Sunday, December 19, 2004

Problems Make the World Go Round

In general, whenever we encounter something, there are three three perspectives. One perspective is that something is good. Another is that it's bad. And the last is that it depends on the occasion. When it comes to problems and adversity, the common judgment is that it's bad, something to be avoided. I mean I complain and whine whenever there's a problem. Why did I get sick? Why did I have to fail? Why don't I have enough money? We'll never run out of problems. And the pessimist inside all of us views it as something horrible.

So are problems really horrible? I think they are, but only if we allow them to remain problems. I mean many people profit by solving problems. I mean doctors earn money be curing and helping the sick. If there wasn't sickness, there would be no need for doctors. The power of entrepreneurs is that they provide a service that was otherwise unavailable. If it was convenient to go shopping, and convenient stores like 7-11 wouldn't be thriving. But it is a hassle and so entrepreneurs provide us with better (albeit more expensive) options. And of course, if everything was so predictable that problems didn't pop up, we'd have no need for professions like economists, business consultants, and the like.

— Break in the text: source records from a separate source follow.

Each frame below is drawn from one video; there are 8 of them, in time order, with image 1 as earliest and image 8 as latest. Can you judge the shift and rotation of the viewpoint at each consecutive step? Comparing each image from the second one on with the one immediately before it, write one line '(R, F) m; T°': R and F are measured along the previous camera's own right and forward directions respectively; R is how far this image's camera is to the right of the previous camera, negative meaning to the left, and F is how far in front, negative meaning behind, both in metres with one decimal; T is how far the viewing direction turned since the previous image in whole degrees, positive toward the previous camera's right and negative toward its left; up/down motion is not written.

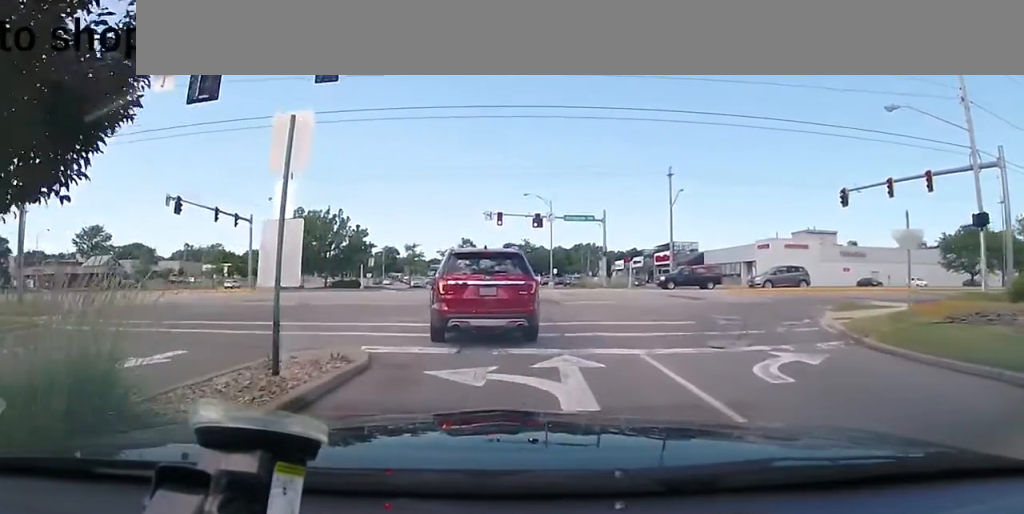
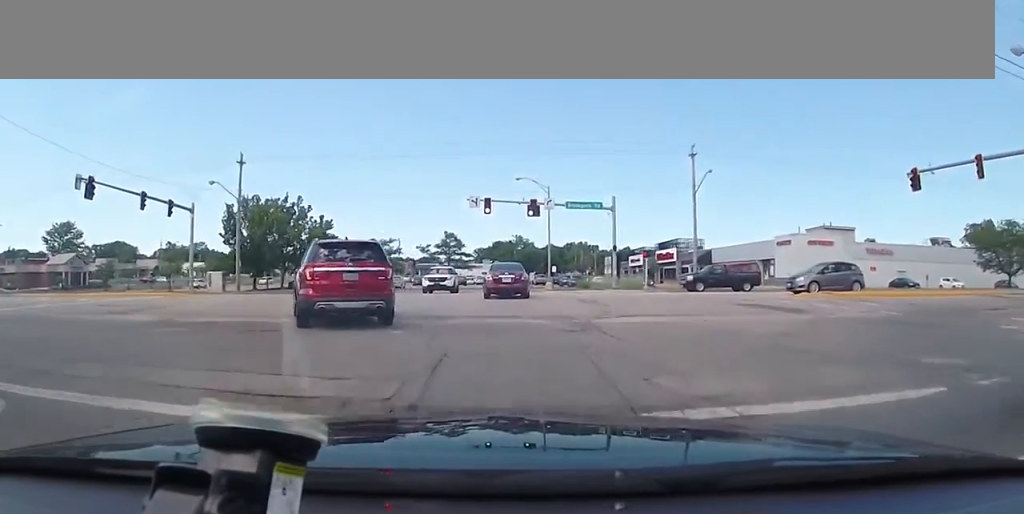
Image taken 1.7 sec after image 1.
(-0.1, +7.9) m; -1°
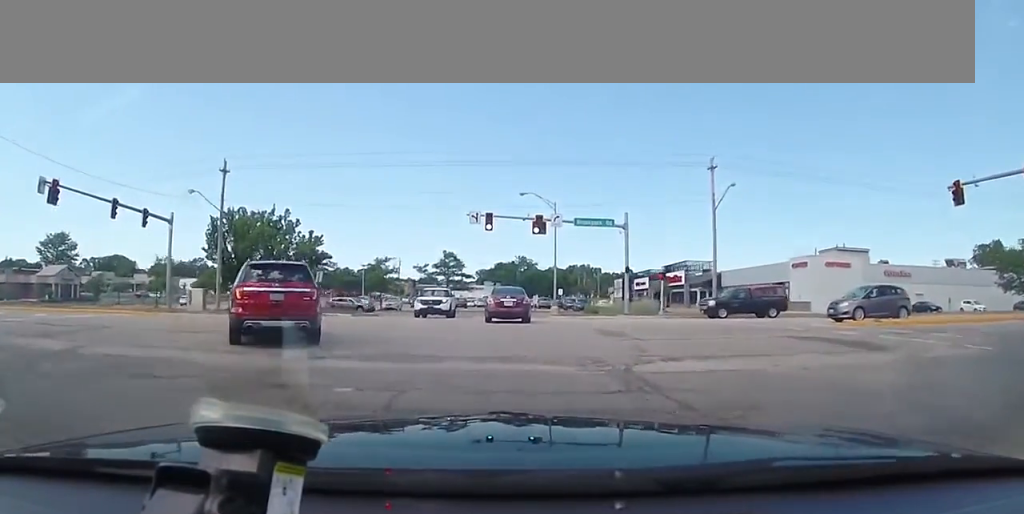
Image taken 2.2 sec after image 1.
(0.0, +3.2) m; 0°
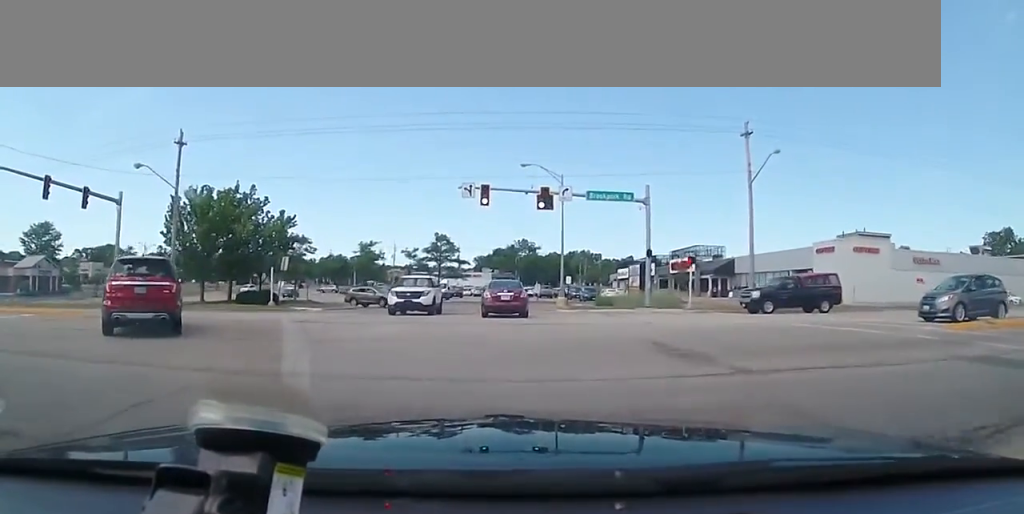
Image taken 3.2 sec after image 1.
(0.0, +5.9) m; 0°
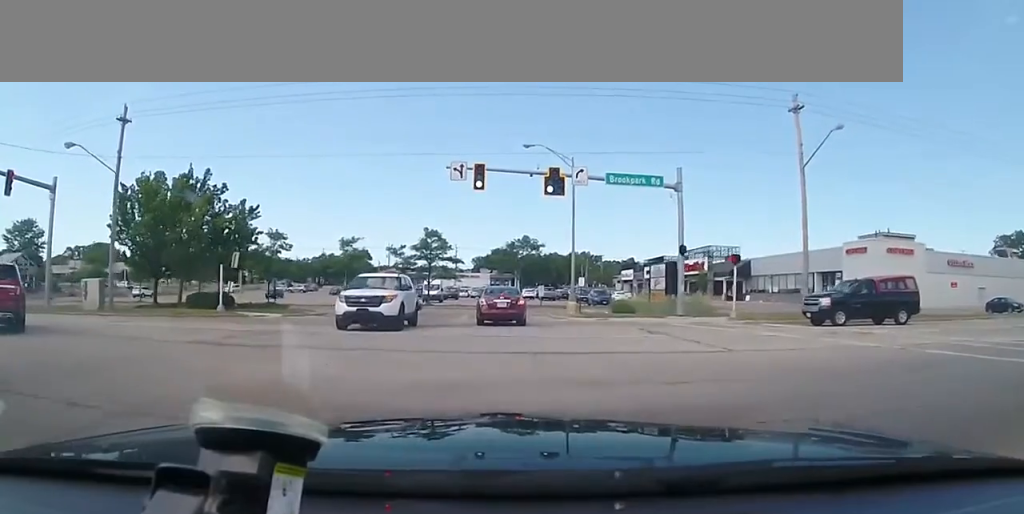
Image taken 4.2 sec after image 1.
(0.0, +6.0) m; 0°
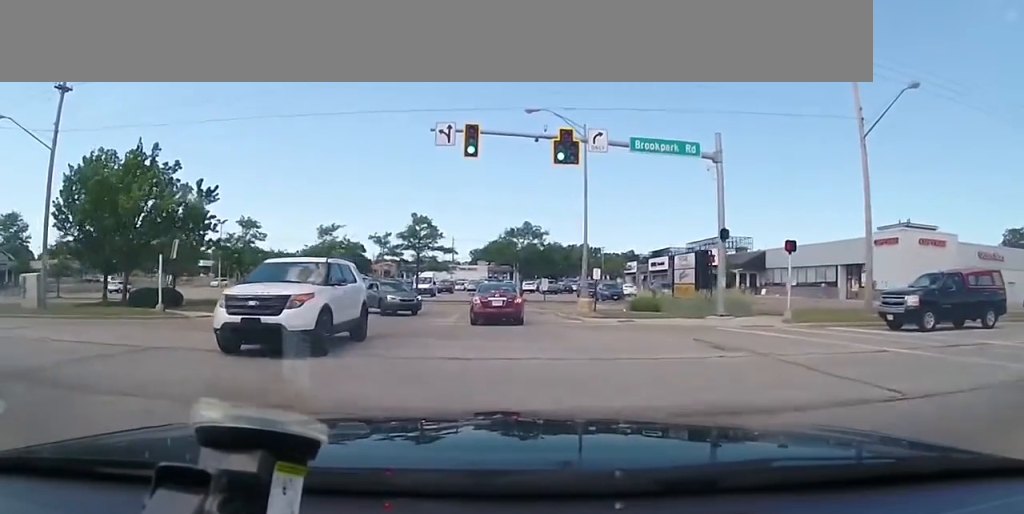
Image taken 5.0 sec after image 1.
(0.0, +5.2) m; 0°
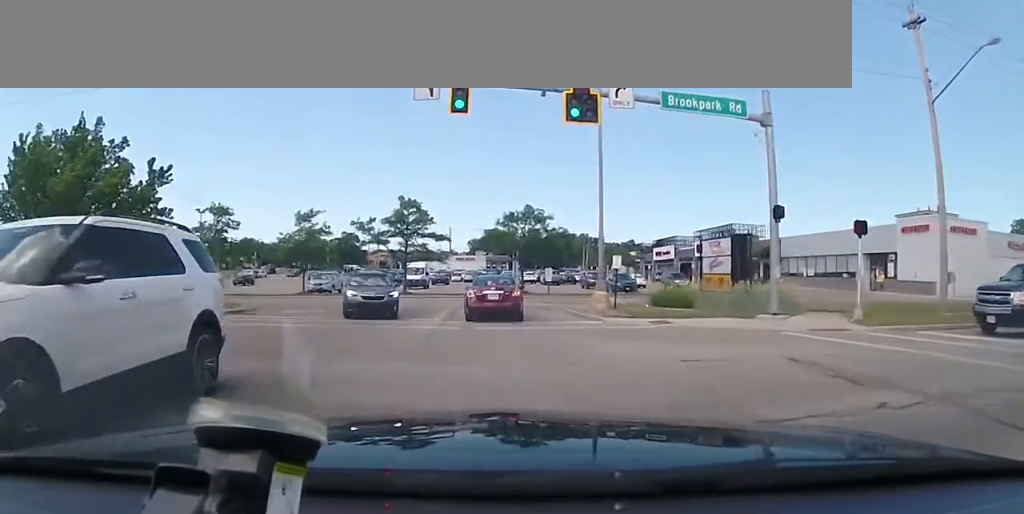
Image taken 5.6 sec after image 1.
(0.0, +4.3) m; 0°
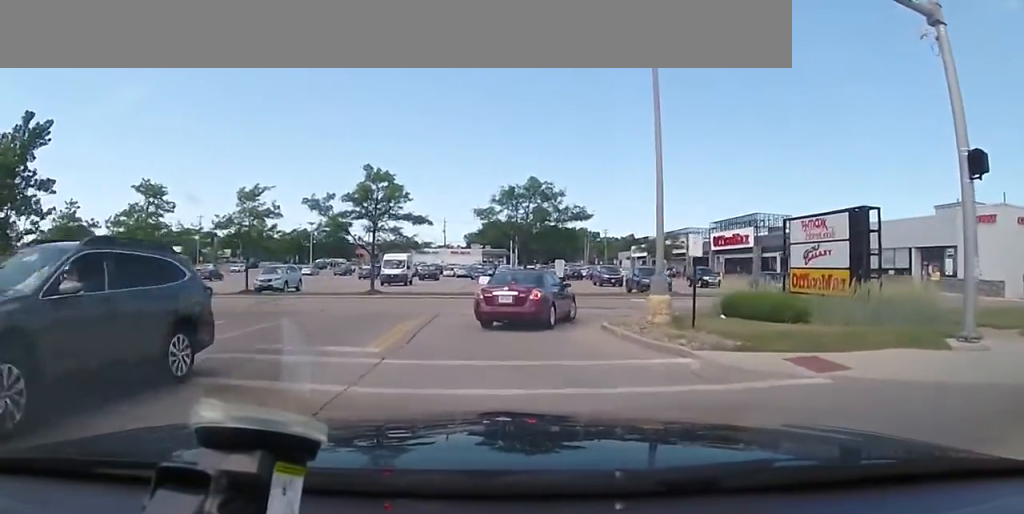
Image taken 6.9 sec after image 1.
(0.0, +8.7) m; 0°
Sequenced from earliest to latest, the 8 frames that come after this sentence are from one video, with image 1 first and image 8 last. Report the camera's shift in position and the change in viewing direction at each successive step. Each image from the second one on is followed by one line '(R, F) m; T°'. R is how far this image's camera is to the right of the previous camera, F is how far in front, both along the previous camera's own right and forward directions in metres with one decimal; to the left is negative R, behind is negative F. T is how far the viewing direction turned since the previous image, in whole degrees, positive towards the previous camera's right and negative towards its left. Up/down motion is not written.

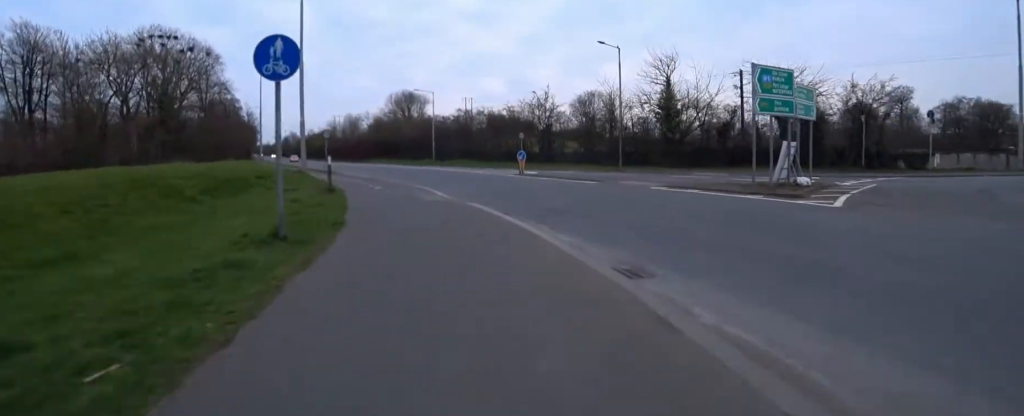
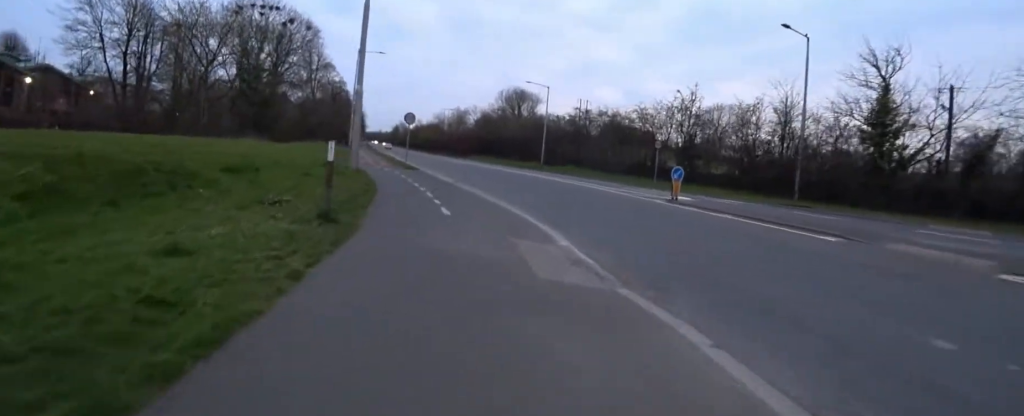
(-0.4, +7.9) m; -8°
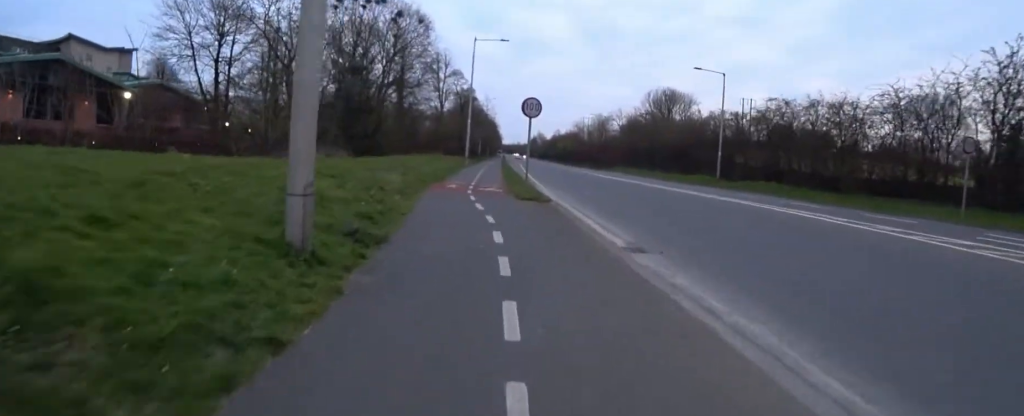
(-1.4, +10.9) m; -9°
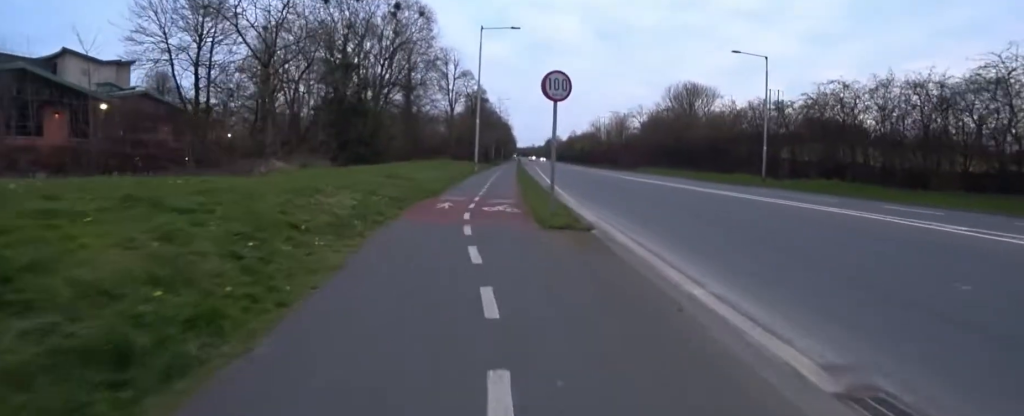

Personally, I'd dread to live a life without any problems. I mean where's the challenge in that? What's the point in living when you know that everything you attempt will succeed? Isn't part of the satisfaction the fact that it was initially unattainable, at least without exerting effort? We admire other people, whether they be our idols, our heroes, or our mentors, not because what they accomplished was easy, but because they overcame a very difficult hurdle. What separates them from ordinary men and women is the fact that they were above average, and that was measured by the quality of their opponent, whether it was another human being, a tragedy, a circumstance of birth, or an old paradigm.

There's also the question of personal growth. It's usually through adversity that we mature and become better people. I mean what would motivate a person to become better? Why not remain as helpless and ignorant as the day you were born? But because there are forces opposing us, we have to grow, actualize our inner strength, and conquer our fears. For me, the two most valuable virtues are wisdom and courage. Wisdom to recognize what we should do, and courage to actualize it. And those two virtues can only be developed in the face of trials. The old saying goes "what doesn't kill you only makes you stronger" and I don't think anyone wants to be killed.

There are actually several ways to act towards problems. One is to run away from them, but more often than not, that doesn't solve the problem. The same goes for whining and complaining. There's an illusion of action in whining and complaining, but in reality, we're doing and accomplishing nothing. We can also allow ourselves to be changed and be affected by the problem, and as you know, change is a two way street: we can come out as either worse off, or become better people. I'm hoping it's the latter. And perhaps the only way to make sure that happens is to change how I perceive problems. Rather than think how problems can harm me, I should ask myself how I can benefit from it. And whenever I'm tempted to whine and complain, the first thing I should ask myself is what I'm doing about it. There will always be complainers and whiners. But what this world needs are more problem solvers.